Op 14 januari 2025 heeft de Rechtbank Den Haag uitspraak gedaan in een bestuursrechtelijke zaak betreffende een asielaanvraag. Eiser, vertegenwoordigd door mr. M.P.J.W.M. Govers, heeft beroep ingesteld tegen de minister van Asiel en Migratie, die voorheen de staatssecretaris van Justitie en Veiligheid was. De rechtbank heeft vastgesteld dat er sprake is van bijzondere omstandigheden, waaronder achterstanden in de behandeling van asielaanvragen. De rechtbank heeft een nadere beslistermijn van maximaal zestien weken na de verzending van de uitspraak vastgesteld, waarbij zowel het belang van de verweerder om zorgvuldig te beslissen als het belang van de eiser om snel duidelijkheid te krijgen, in overweging zijn genomen.

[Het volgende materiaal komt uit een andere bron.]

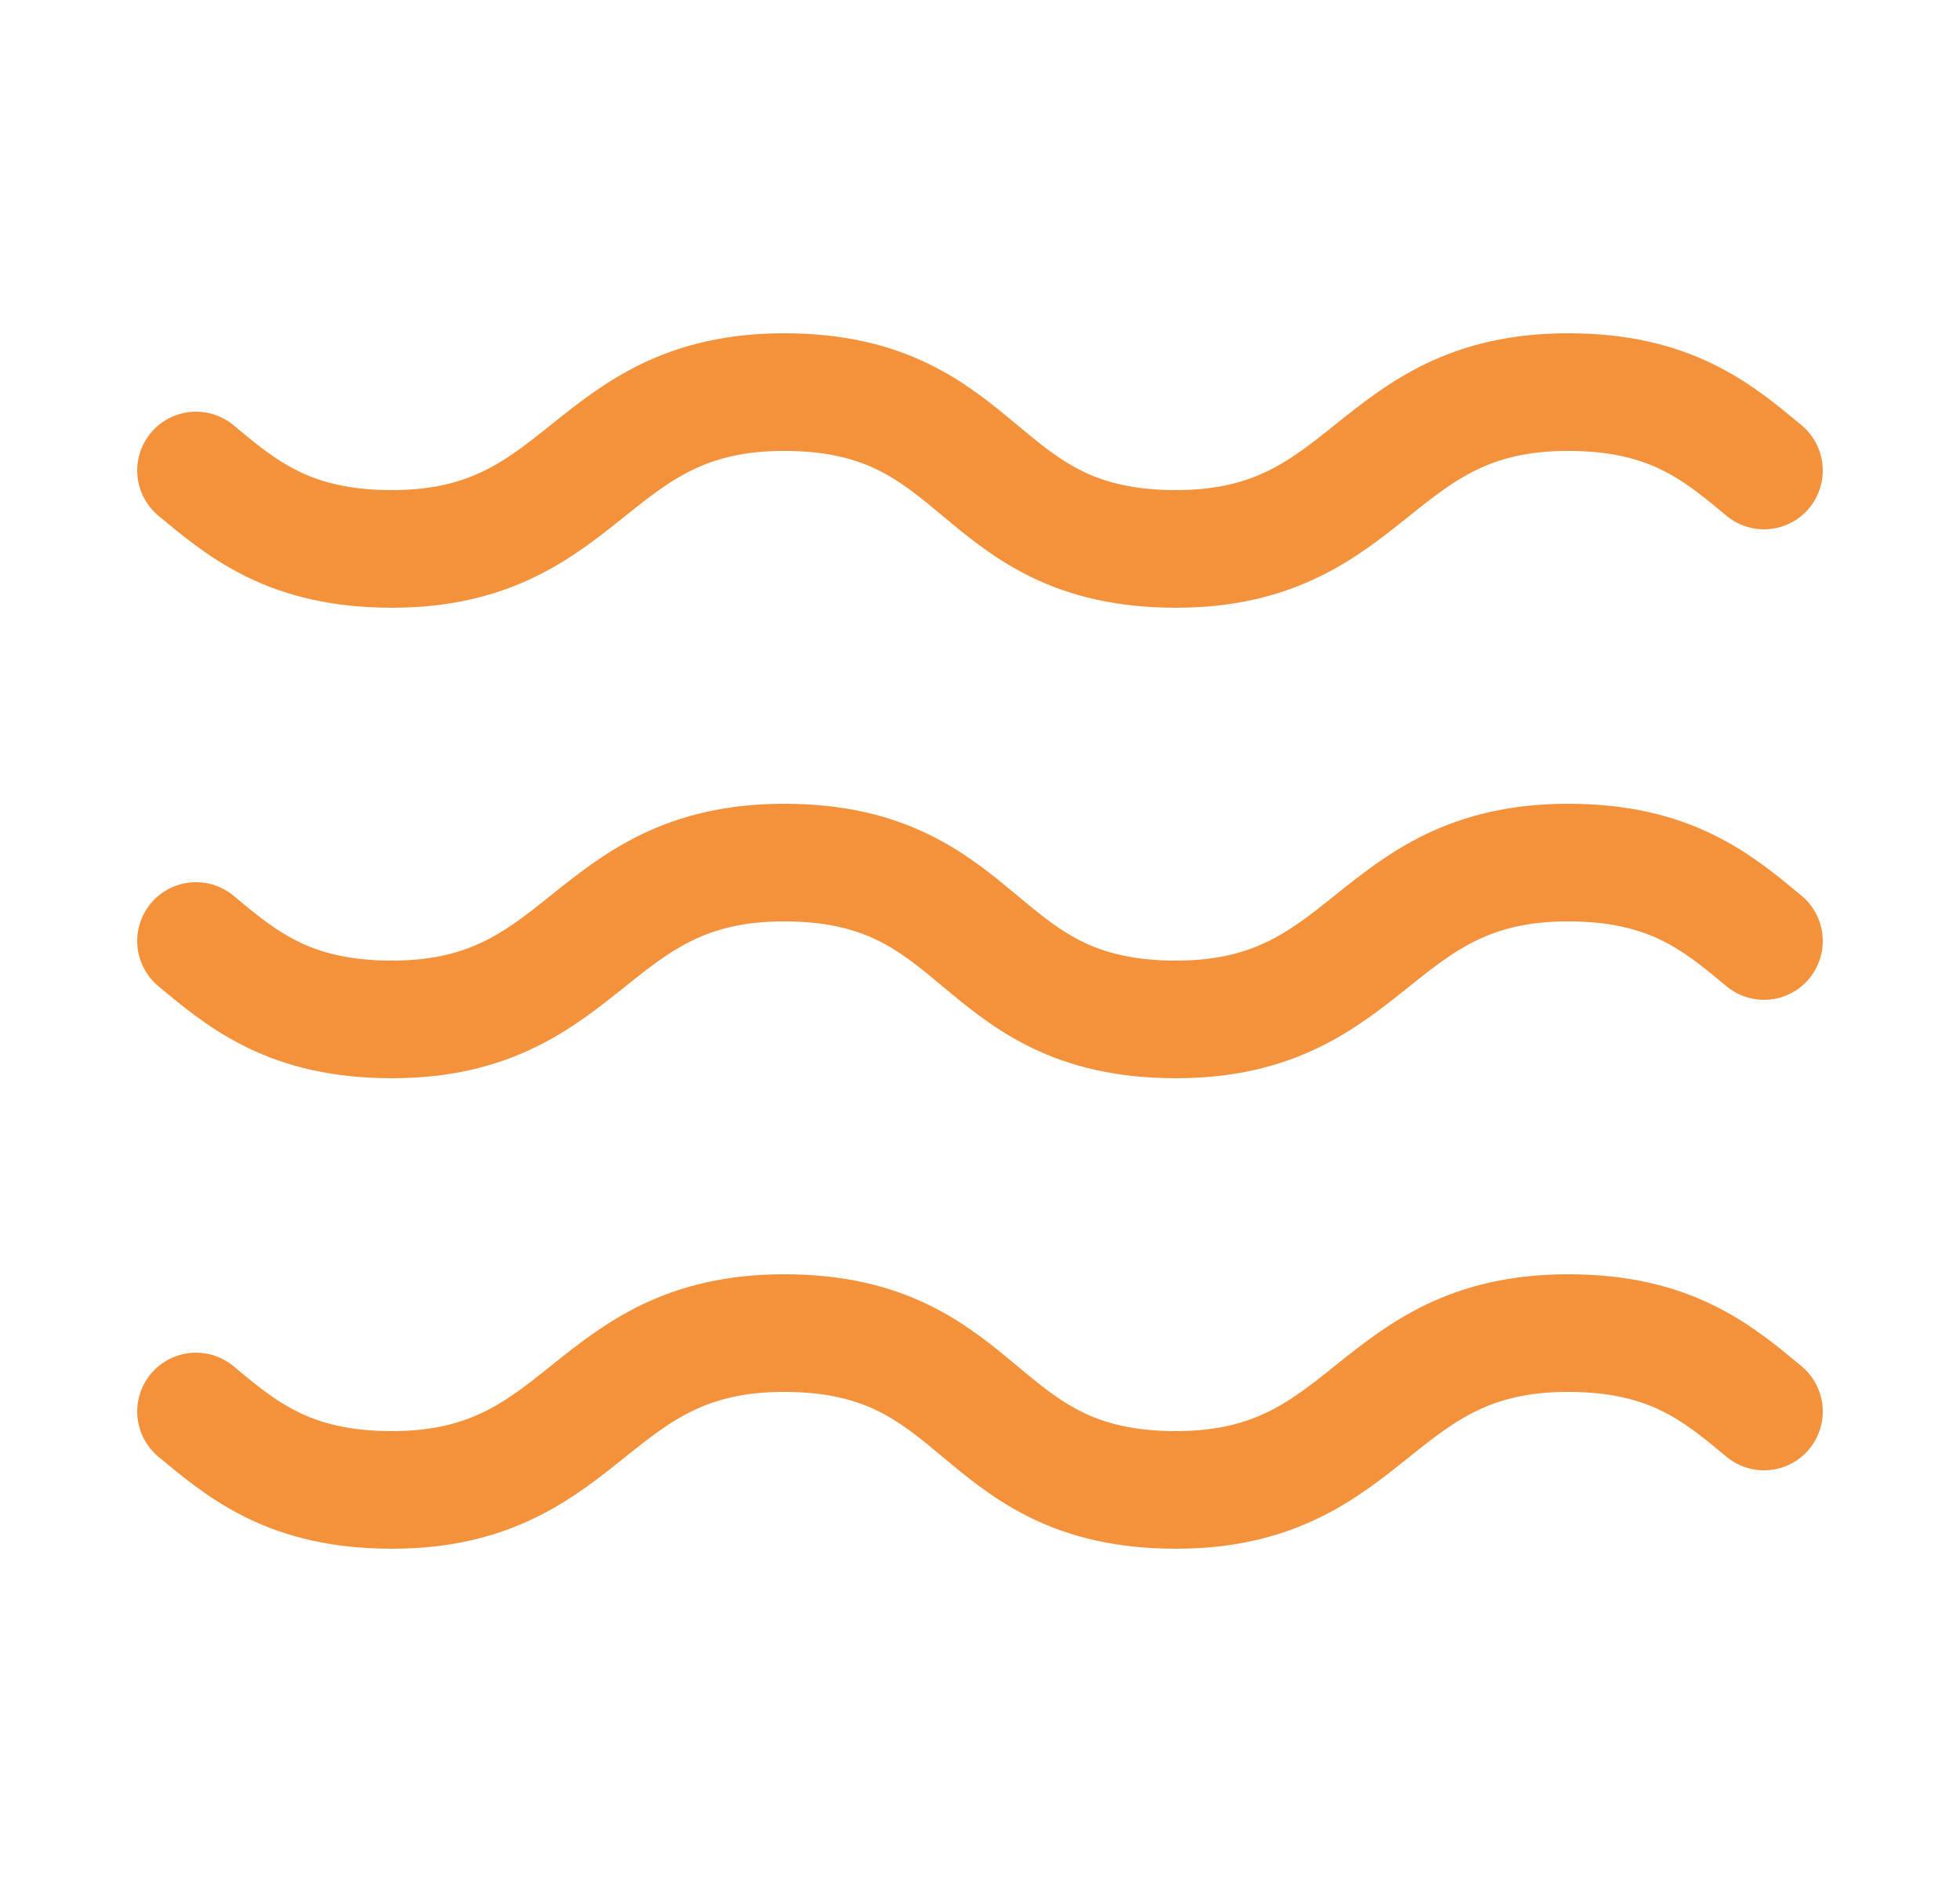<svg width="25" height="24" viewBox="0 0 25 24" fill="none" xmlns="http://www.w3.org/2000/svg">
<path d="M2.5 6C3.1 6.5 3.7 7 5 7C7.5 7 7.5 5 10 5C11.3 5 11.9 5.5 12.5 6C13.1 6.5 13.7 7 15 7C17.5 7 17.5 5 20 5C21.3 5 21.9 5.5 22.5 6M2.5 18C3.1 18.5 3.7 19 5 19C7.5 19 7.5 17 10 17C11.3 17 11.9 17.5 12.5 18C13.1 18.5 13.7 19 15 19C17.5 19 17.5 17 20 17C21.3 17 21.9 17.5 22.5 18M2.5 12C3.1 12.5 3.7 13 5 13C7.5 13 7.5 11 10 11C11.3 11 11.9 11.5 12.5 12C13.1 12.5 13.7 13 15 13C17.5 13 17.5 11 20 11C21.3 11 21.9 11.5 22.5 12" stroke="#F4923B" stroke-width="1.5" stroke-linecap="round" stroke-linejoin="round"/>
</svg>

De rechtbank heeft de minister opgedragen om binnen deze termijn een besluit te nemen, met de waarschuwing dat bij overschrijding van deze termijn een dwangsom van € 100 per dag verbeurd wordt, tot een maximum van € 15.000. Daarnaast zijn de proceskosten van eiser vastgesteld op € 453,50. De rechtbank heeft het beroep gegrond verklaard, wat betekent dat de minister verplicht is om alsnog een besluit te nemen over de asielaanvraag van eiser. De uitspraak is gedaan zonder zitting en openbaar gemaakt via een geanonimiseerde publicatie.
De rechtbank heeft ook aangegeven dat als de beslistermijn overschreden wordt, er een rechterlijke dwangsom van toepassing is, en dat er specifieke regels zijn voor het indienen van beroep tegen het niet tijdig nemen van besluiten. De uitspraak is gedaan in het kader van de Algemene wet bestuursrecht, waarbij de rechtbank verwijst naar relevante artikelen en eerdere jurisprudentie.